Les nouvelles qui discréditent les gestionnaires d'élite du système de guerre peuvent surprendre et secouer les choses pendant une brève période, envoyant les mécanismes de contrôle des dégâts en surmultiplication. Il pourrait sembler que le statu quo ait été ébranlé de ses amarres. Mais de telles tempêtes soufflent, laissant peu de changements. Parfois, dans le processus, des hauts fonctionnaires se font taper sur les doigts. Ils pourraient même être jetés par-dessus bord.21

Après de nombreux éloges présidentiels en tant que nouveau chef des forces armées américaines en Afghanistan, deux généraux aux multiples étoiles successivement - Stanley McChrystal puis David Petraeus - ont été hissés sur des nuages ​​​​d'adulation médiatique avant de s'écraser sur terre et de perdre leurs positions exaltées. Ces héros quatre étoiles ont perdu leurs postes de responsabilité pour des raisons qui n'avaient rien à voir avec la mort de civils ou de qui que ce soit d'autre pendant leur commandement.22

McChrystal était un chouchou des médias depuis le moment où il a pris en charge toutes les forces américaines en Afghanistan à la fin du printemps 2009. Salué comme franc et franc, il a également généré de nombreuses histoires admiratives sur sa rigueur spartiate. Un profil du New York Times commençait ainsi :23

Vous devez vous émerveiller de la façon dont le lieutenant-général Stanley A. McChrystal, ancien commandant des opérations spéciales et nouveau chef des forces américaines en Afghanistan, le fait. Organisez la chasse à Al-Qaïda en Irak et planifiez des raids furtifs sur les bastions des talibans dans l'Hindu Kush tout en ne dormant que quelques heures par nuit, en faisant suffisamment d'exercice pour épuiser un rat de gym et en mangeant un repas par jour pour éviter la paresse. Un repas. Qui a dit qu'une armée marche sur le ventre ?24

Et ainsi de suite, les médias s'extasiant devant l'endurance acétique et le courage infatigable du général McChrystal - jusqu'à ce qu'il franchisse une ligne inacceptable, non pas parce qu'il supervisait une force militaire tuant et terrorisant trop de civils, mais parce qu'il avait dit des choses négatives à un journaliste de Rolling Stone à propos de personnes dans l'administration Obama aussi haut placées que le vice-président Joe Biden.25

Lorsque le magazine a cité les commentaires indiscrets de McChrystal dans un article, Obama a relevé le général de son commandement. Une douzaine d'années plus tard, lorsque les mémoires d'Obama ont paru, le livre a précisé que le licenciement était dû à l'inquiétude suscitée par la démonstration d'"impunité" de McChrystal. L'ancien président s'est expliqué ainsi :26

[D]ans cet article de Rolling Stone, j'avais entendu en lui et ses collaborateurs le même air d'impunité qui semblait s'être installé parmi certains des plus hauts gradés de l'armée pendant les années Bush : un sentiment qu'une fois la guerre commencée, ceux qui l'ont combattue ne devraient pas être interrogés, que les politiciens devraient simplement leur donner ce qu'ils demandent et s'écarter du chemin. C'était un point de vue séduisant, surtout venant d'un homme du calibre de McChrystal. Cela menaçait également d'éroder un principe fondamental de notre démocratie représentative, et j'étais déterminé à y mettre un terme27.

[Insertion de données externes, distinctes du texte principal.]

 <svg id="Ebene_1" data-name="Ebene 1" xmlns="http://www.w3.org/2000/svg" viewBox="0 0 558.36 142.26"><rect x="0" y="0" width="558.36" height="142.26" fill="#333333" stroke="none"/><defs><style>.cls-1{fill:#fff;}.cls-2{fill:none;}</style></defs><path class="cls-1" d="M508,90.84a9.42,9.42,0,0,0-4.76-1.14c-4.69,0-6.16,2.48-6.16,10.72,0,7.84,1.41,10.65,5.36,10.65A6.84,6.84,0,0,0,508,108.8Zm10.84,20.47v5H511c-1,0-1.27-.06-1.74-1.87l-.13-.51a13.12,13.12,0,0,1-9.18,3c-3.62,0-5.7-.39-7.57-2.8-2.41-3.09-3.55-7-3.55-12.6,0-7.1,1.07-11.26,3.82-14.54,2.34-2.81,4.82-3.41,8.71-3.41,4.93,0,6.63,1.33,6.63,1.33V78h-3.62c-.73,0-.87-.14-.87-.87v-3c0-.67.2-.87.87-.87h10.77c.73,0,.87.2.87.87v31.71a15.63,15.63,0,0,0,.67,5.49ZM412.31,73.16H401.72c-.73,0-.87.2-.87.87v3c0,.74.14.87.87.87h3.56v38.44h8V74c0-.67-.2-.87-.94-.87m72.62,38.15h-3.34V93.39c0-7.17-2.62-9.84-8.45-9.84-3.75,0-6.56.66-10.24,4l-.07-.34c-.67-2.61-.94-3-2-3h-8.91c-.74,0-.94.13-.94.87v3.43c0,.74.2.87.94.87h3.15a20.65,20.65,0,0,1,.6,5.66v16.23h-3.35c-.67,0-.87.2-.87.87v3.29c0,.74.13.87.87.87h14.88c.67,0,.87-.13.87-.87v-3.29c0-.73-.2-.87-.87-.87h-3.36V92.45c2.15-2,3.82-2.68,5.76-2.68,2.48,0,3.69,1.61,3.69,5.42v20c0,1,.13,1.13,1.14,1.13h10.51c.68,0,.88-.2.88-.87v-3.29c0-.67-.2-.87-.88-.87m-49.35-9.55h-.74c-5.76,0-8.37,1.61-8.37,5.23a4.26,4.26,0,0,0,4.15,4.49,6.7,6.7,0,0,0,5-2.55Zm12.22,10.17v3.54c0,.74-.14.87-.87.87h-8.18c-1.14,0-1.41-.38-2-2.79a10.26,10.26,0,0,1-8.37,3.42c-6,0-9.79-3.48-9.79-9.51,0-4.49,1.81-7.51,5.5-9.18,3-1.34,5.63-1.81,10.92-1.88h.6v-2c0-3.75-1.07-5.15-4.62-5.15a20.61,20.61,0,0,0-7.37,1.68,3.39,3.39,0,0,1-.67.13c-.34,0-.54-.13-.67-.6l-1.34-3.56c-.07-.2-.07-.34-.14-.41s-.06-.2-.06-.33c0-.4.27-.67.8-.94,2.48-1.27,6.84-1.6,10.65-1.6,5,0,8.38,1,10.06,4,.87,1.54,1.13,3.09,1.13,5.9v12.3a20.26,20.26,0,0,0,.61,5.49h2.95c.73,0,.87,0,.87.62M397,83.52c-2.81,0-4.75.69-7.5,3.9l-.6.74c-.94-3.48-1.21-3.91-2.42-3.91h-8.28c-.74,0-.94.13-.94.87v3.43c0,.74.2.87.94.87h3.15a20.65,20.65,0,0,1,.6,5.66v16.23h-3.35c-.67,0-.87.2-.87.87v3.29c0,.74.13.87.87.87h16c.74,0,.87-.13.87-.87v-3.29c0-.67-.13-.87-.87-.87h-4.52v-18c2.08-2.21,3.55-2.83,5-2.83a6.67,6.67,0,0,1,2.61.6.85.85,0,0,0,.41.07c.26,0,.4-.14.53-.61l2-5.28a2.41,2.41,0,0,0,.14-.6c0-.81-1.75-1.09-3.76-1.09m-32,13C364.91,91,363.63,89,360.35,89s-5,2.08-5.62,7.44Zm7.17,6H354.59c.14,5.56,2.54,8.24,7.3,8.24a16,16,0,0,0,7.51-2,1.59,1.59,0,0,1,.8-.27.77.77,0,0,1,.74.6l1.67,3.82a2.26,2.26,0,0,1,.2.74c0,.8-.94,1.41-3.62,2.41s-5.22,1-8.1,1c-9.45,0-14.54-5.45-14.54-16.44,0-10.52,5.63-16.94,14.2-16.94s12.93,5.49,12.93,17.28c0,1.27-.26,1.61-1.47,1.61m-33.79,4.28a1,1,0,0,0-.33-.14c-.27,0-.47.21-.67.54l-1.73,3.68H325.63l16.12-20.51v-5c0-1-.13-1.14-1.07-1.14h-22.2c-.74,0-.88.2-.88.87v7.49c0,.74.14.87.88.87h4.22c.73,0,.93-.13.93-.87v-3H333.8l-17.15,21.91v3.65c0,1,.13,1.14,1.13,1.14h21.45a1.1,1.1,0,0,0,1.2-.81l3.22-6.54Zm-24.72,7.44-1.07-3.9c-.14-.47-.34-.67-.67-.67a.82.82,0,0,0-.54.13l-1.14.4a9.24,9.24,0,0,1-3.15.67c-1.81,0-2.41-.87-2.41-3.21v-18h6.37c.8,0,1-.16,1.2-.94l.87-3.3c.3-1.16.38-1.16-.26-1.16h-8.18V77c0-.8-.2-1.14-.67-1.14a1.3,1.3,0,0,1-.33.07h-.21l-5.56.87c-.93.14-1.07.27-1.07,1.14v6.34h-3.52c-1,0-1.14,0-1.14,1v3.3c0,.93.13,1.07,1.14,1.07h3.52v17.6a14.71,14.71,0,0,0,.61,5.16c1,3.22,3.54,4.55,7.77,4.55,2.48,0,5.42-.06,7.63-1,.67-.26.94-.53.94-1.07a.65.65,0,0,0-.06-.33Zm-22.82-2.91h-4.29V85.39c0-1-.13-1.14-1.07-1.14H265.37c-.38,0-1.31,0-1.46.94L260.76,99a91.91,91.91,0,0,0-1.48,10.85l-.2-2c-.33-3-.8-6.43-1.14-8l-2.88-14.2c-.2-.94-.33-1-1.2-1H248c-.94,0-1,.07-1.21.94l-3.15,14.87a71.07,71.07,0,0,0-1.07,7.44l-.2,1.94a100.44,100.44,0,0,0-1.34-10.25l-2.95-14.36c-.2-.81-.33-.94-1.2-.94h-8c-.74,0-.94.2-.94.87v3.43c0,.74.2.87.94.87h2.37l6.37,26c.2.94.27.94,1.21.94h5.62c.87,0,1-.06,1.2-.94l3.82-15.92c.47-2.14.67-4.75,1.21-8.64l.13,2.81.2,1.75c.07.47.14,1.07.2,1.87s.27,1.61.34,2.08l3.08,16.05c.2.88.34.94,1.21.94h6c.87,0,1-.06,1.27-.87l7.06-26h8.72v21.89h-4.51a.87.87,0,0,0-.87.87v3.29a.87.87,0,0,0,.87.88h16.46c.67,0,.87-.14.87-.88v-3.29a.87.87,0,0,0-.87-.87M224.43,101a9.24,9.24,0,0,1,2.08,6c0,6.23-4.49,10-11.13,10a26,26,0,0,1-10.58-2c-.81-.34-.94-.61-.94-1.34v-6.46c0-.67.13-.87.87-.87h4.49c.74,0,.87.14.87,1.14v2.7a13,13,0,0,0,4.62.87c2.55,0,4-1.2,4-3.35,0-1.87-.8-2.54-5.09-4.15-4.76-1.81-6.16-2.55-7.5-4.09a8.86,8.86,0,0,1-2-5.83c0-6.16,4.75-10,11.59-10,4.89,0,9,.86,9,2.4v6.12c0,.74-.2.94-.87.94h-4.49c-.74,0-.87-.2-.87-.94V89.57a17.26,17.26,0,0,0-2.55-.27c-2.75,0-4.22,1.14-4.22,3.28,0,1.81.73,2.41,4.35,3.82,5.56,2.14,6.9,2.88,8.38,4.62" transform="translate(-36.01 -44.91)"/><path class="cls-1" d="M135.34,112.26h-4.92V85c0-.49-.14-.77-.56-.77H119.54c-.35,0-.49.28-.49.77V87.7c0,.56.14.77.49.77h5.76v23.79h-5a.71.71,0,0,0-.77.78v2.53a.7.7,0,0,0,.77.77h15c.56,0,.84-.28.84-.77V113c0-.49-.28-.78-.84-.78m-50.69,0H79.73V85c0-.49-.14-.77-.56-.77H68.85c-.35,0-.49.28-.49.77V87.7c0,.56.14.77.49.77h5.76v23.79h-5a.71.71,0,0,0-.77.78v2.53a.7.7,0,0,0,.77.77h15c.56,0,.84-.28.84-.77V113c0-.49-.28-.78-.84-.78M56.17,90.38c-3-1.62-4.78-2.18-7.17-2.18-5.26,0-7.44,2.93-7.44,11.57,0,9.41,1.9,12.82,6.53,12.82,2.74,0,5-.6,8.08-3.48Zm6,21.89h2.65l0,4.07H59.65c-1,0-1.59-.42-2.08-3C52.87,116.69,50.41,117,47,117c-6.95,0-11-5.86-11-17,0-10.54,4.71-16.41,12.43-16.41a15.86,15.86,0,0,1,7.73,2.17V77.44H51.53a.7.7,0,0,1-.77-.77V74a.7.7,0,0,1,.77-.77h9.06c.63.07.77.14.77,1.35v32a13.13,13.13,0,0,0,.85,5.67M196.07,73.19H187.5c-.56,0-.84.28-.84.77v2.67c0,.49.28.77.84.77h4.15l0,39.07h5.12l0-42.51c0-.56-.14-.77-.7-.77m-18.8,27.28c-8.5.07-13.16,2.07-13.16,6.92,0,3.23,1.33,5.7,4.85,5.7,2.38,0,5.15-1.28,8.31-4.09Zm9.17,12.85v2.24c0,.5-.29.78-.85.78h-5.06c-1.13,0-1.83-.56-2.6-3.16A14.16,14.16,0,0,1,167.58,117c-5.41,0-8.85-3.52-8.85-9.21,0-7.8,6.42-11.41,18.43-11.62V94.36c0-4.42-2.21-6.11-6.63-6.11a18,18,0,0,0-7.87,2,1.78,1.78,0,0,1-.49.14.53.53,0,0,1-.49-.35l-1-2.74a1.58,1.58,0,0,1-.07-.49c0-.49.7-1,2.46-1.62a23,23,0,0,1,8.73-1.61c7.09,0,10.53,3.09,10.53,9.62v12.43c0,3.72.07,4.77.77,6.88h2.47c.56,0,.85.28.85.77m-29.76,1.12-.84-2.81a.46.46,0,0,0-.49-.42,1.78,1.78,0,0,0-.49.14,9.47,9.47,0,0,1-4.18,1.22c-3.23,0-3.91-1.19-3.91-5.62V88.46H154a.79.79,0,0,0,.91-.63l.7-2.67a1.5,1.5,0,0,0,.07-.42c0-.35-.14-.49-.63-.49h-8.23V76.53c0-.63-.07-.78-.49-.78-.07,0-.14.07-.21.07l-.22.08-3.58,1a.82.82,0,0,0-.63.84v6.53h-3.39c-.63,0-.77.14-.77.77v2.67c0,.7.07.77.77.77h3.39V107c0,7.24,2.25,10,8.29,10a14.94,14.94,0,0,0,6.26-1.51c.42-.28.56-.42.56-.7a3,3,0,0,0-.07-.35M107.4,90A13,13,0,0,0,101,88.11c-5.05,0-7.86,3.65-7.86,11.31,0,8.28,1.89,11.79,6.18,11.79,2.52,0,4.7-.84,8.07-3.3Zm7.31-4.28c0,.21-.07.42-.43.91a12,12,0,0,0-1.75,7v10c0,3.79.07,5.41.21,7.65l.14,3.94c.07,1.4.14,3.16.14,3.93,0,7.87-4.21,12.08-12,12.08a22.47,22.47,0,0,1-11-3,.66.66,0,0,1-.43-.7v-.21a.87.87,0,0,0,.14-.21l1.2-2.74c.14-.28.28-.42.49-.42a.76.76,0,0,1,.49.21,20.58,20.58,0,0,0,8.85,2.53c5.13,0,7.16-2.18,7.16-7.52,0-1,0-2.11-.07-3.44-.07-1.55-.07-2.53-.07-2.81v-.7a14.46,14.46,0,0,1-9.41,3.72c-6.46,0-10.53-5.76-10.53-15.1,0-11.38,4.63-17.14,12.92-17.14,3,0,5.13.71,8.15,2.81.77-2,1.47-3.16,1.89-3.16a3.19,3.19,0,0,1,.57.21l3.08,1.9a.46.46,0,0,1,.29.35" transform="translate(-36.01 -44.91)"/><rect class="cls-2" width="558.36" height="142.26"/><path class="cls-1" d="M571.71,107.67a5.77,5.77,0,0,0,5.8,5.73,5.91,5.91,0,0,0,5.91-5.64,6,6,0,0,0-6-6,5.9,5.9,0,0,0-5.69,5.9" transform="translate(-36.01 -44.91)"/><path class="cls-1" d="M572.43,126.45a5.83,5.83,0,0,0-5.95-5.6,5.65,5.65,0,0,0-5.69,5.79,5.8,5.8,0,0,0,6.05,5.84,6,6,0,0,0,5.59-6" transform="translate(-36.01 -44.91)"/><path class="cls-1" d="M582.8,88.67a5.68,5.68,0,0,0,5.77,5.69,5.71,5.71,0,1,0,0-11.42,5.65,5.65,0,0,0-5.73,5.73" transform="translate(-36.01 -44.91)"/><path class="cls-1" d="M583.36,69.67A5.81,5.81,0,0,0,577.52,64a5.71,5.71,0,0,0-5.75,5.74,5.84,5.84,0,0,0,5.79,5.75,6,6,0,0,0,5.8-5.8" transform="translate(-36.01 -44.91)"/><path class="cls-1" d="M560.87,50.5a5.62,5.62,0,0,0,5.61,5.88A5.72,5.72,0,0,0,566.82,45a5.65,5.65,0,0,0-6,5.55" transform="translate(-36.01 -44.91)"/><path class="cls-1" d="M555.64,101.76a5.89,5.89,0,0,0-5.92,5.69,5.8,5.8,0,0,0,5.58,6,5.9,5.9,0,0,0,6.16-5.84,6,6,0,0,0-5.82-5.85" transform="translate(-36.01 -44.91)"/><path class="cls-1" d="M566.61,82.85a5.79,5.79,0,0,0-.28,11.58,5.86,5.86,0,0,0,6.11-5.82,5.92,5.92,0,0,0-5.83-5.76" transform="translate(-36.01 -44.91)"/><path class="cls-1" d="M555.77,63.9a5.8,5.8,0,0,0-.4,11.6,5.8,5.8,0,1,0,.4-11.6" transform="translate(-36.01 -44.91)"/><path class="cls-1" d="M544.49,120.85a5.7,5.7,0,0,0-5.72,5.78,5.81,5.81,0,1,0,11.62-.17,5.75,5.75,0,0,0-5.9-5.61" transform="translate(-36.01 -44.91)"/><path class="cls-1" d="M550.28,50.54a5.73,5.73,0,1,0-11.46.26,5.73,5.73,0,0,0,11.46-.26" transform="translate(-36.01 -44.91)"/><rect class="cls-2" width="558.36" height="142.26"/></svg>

Pour le président, le seul "air d'impunité" inacceptable du général avait à voir avec un manque de respect pour les diplomates américains et les dirigeants élus. L'air d'impunité d'un commandant militaire envers des vies afghanes était une tout autre affaire.28

Norman SolomonNorman Solomon est directeur exécutif de l'Institute for Public Accuracy, auteur de War Made Easy et cofondateur de RootsAction.org.